Frey’s demographic expertise draws from his nearly three decades at the University of Michigan where he is on the faculty of the University’s Institute for Social Research and Population Studies Center. He has authored over 200 publications and several books including Regional and Metropolitan Growth and Decline in the U.S. (Russell Sage, 1988, with Alden Speare, Jr.); America By the Numbers: A Fieldguide to the U.S. Population (The New Press, 2001 with Bill Abresch and Jonathan Yeasting), and Social Atlas of the United States (Allyn and Bacon, 2008 with Amy Beth Anspach and John Paul DeWitt).
At Michigan, he has directed projects with the National Science Foundation, NICHD Center for Population Research, and several foundations. He has contributed to the 1995 President’s National Urban Policy Report, to HUD’s State of the Cities 2000 report, and to the Russell Sage Foundation’s Census research series. He has been a consultant to the U.S. Census Bureau, and a contributing editor to American Demographics magazine.

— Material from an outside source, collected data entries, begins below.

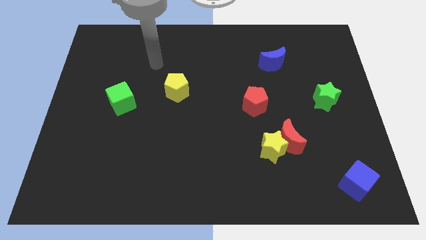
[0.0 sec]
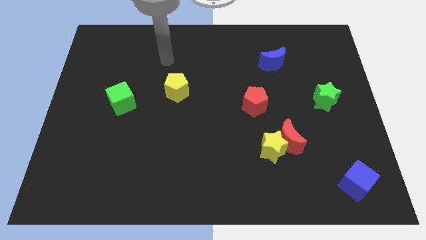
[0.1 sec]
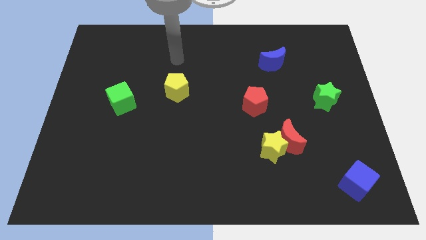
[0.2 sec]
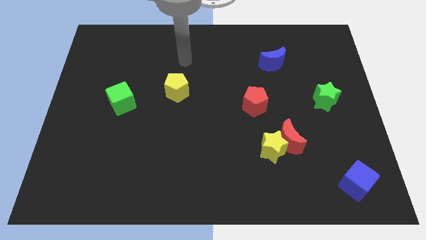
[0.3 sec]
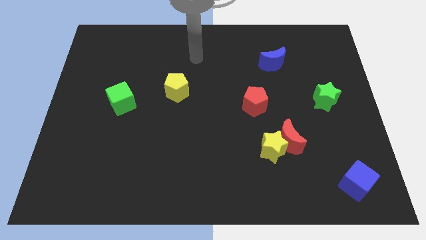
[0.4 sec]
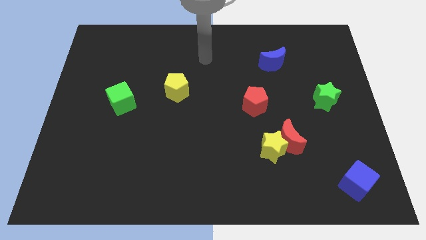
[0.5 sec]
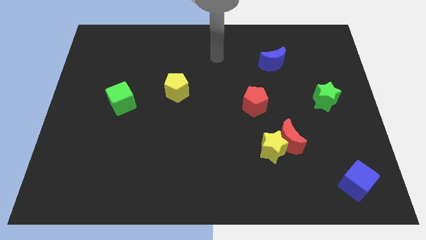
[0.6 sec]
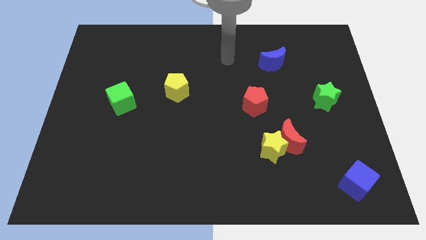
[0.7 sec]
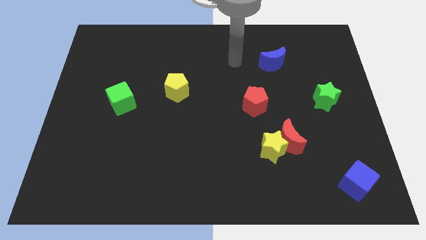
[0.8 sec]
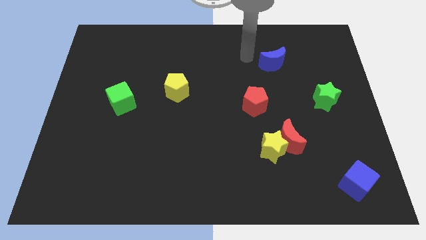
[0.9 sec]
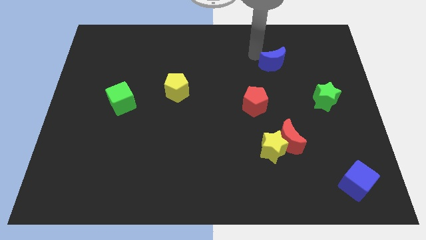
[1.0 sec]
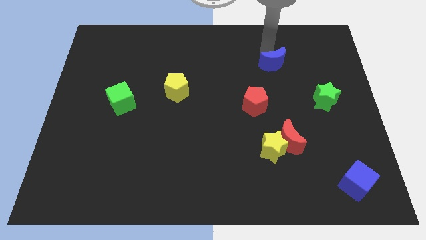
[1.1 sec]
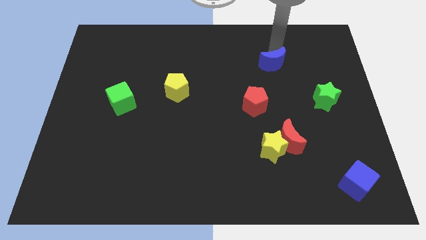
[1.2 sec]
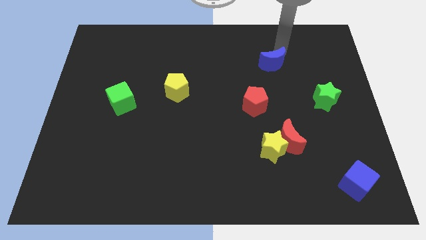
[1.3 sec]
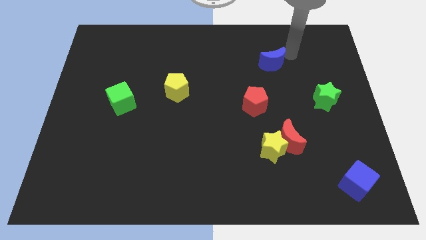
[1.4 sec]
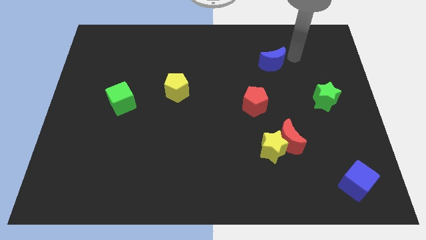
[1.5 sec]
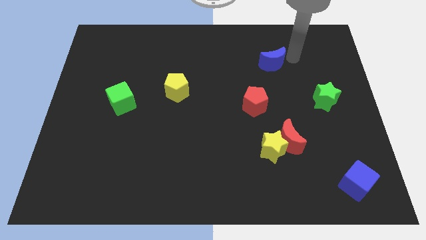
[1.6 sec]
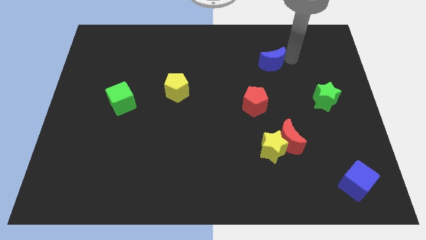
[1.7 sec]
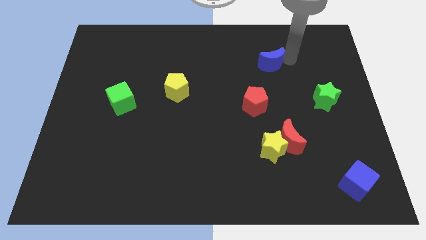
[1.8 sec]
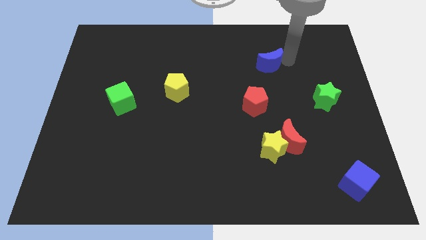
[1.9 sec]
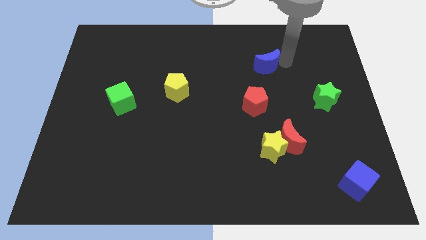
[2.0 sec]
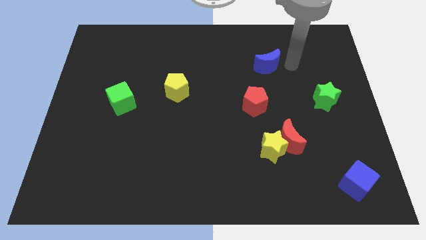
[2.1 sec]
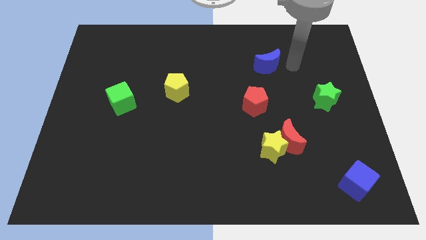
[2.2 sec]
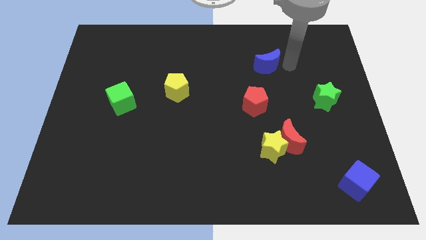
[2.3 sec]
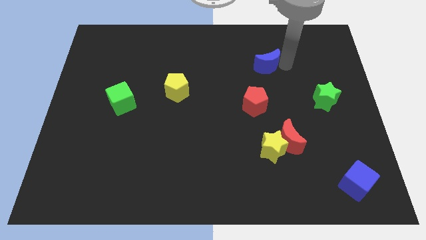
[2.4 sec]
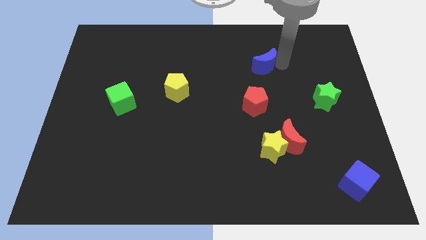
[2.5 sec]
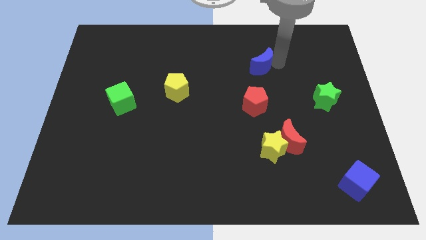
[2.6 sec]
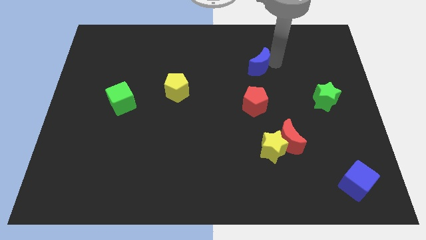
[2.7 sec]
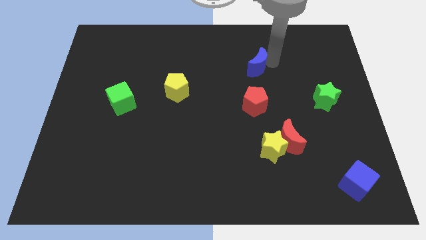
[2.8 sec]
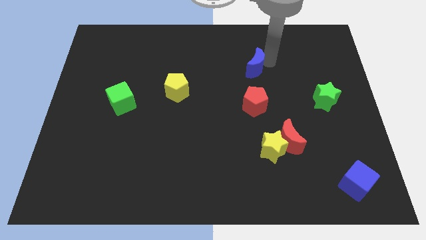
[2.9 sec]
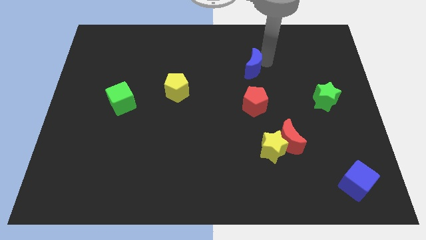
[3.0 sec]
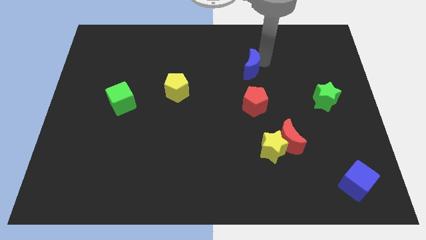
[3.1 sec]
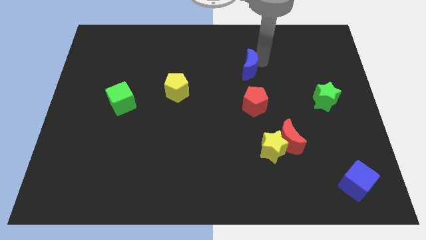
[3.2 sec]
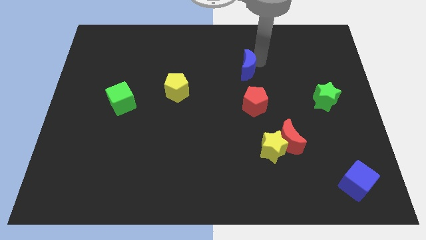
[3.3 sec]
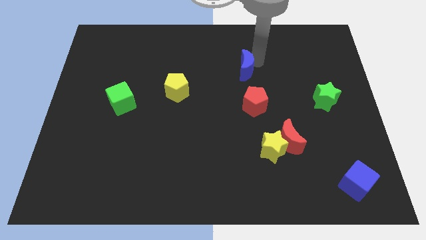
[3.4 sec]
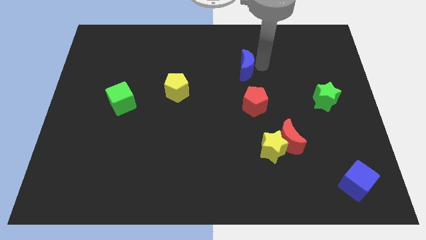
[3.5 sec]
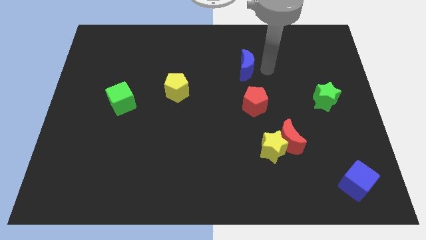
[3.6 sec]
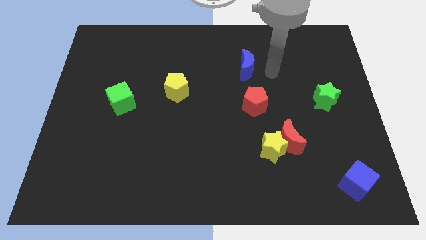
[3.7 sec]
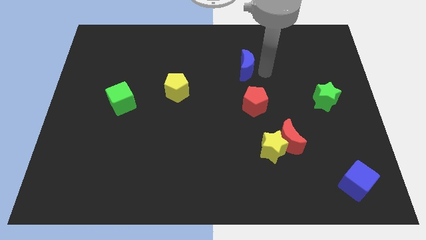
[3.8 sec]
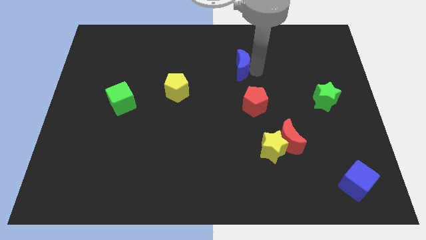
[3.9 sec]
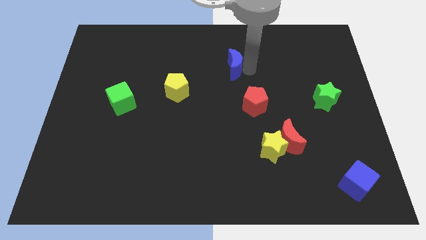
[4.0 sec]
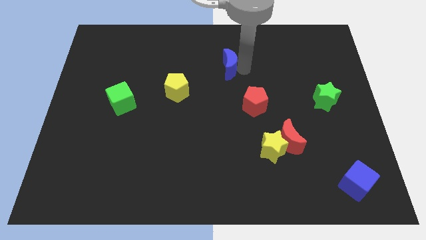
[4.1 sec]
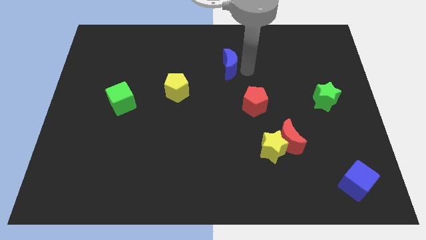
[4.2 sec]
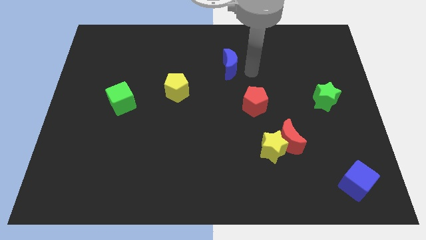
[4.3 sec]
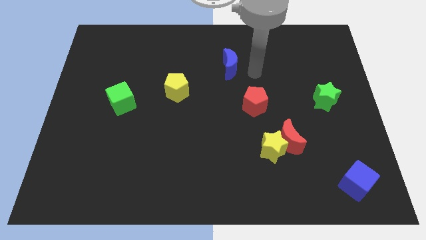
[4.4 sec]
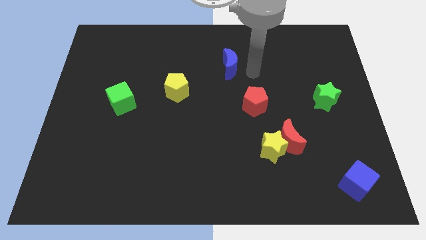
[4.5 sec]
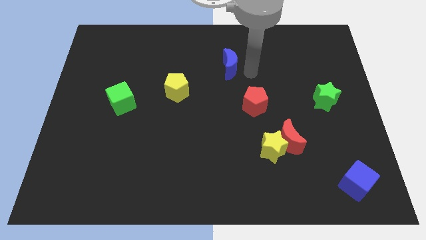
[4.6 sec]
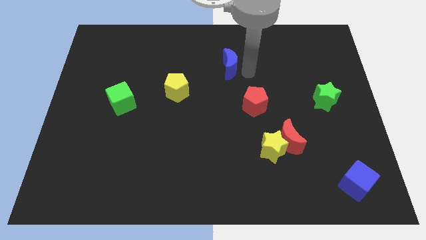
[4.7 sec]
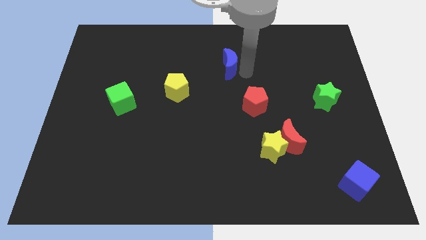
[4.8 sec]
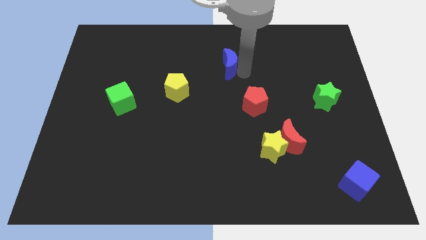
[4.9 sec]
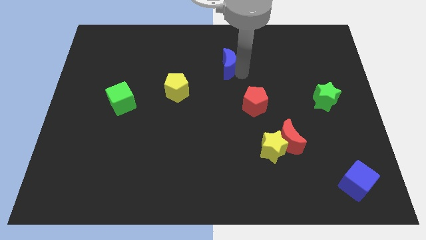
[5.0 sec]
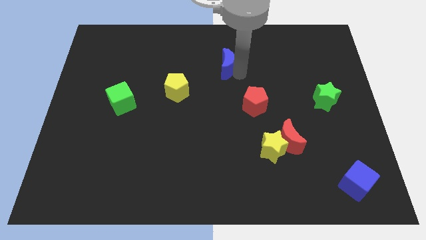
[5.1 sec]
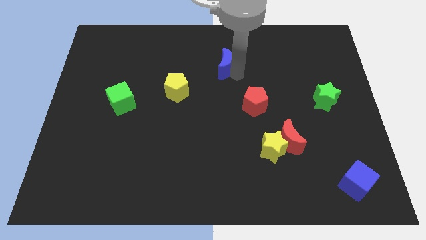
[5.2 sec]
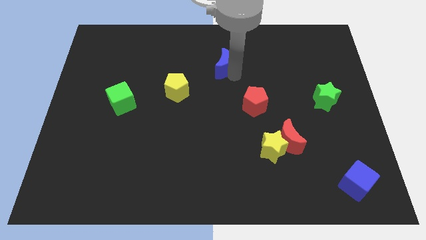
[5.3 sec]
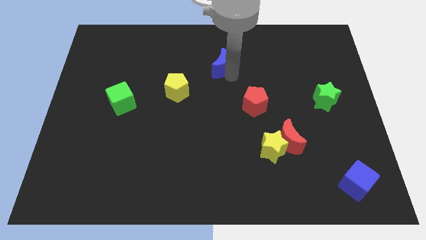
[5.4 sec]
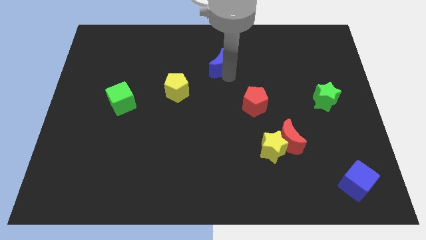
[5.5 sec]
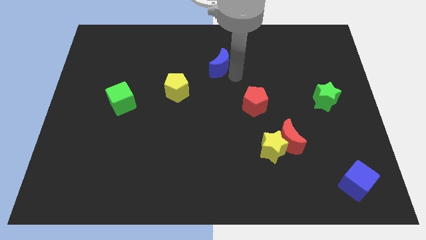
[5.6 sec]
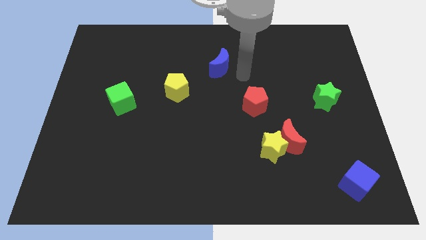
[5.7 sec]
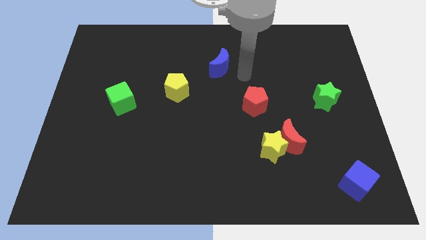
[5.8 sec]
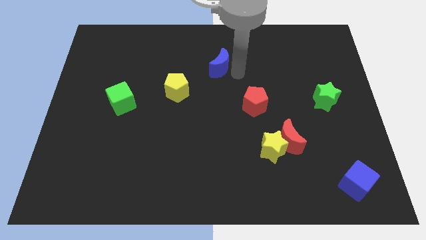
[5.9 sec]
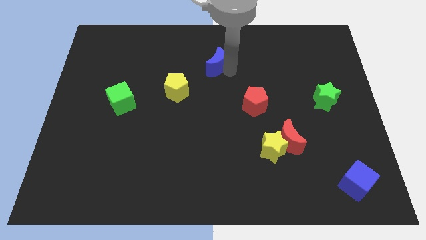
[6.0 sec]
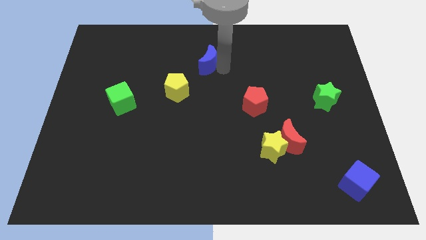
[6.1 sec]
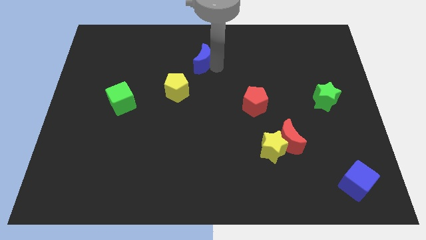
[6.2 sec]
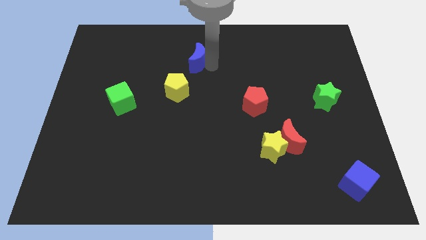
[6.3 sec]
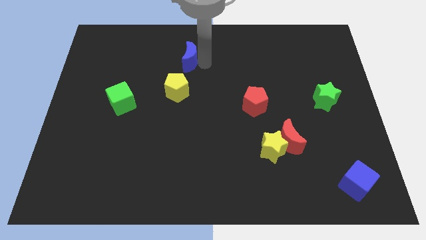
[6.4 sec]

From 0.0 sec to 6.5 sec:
push the blue moon to the left

Frey has also been active in creating demographic media for use by educators, policy makers and the general public. Examples are the websites: Frey Demographer, Social Science Data Analysis Network (SSDAN) and CensusScope.
Frey received a Ph.D. in sociology from Brown University in 1974. He has been a Visiting Research Scholar at the International Institute for Applied Systems Analysis (Austria); the Andrew W. Mellon, Research Scholar at the Population Reference Bureau in Washington, D.C., and the Hewlett Visiting Scholar at Child Trends in Washington, D.C. He previously held positions at Rutgers University, the University of Washington-Seattle, the University of Wisconsin-Madison, and the State University of New York at Albany. He is a member of the Population Association of America, the International Union for the Scientific Study of Population, the American Sociological Association, and is a past Fellow of the Urban Land Institute.
Frey is also known for his ability to communicate demographic trends to general and policy audiences. His research has been written about in such diverse venues as The Economist, The New York Times Magazine, The New Republic, The National Journal, The New Yorker and Forbes. His commentary and observations have been featured on broadcast media including NPR’s All Things Considered , PBS’s Newshour with Jim Lehrer, NBC’s Nightly News, ABC’s World News, CBS’s Evening News, C-SPAN’s Washington Journal, and print media including The New York Times, The Washington Post, USA Today and The Wall Street Journal.
Carol Graham is the Leo Pasvolsky Senior Fellow at the Brookings Institution and College Park Professor at the School of Public Policy at the University of Maryland. She is also a Research Fellow at the Institute for the Study of Labor (IZA).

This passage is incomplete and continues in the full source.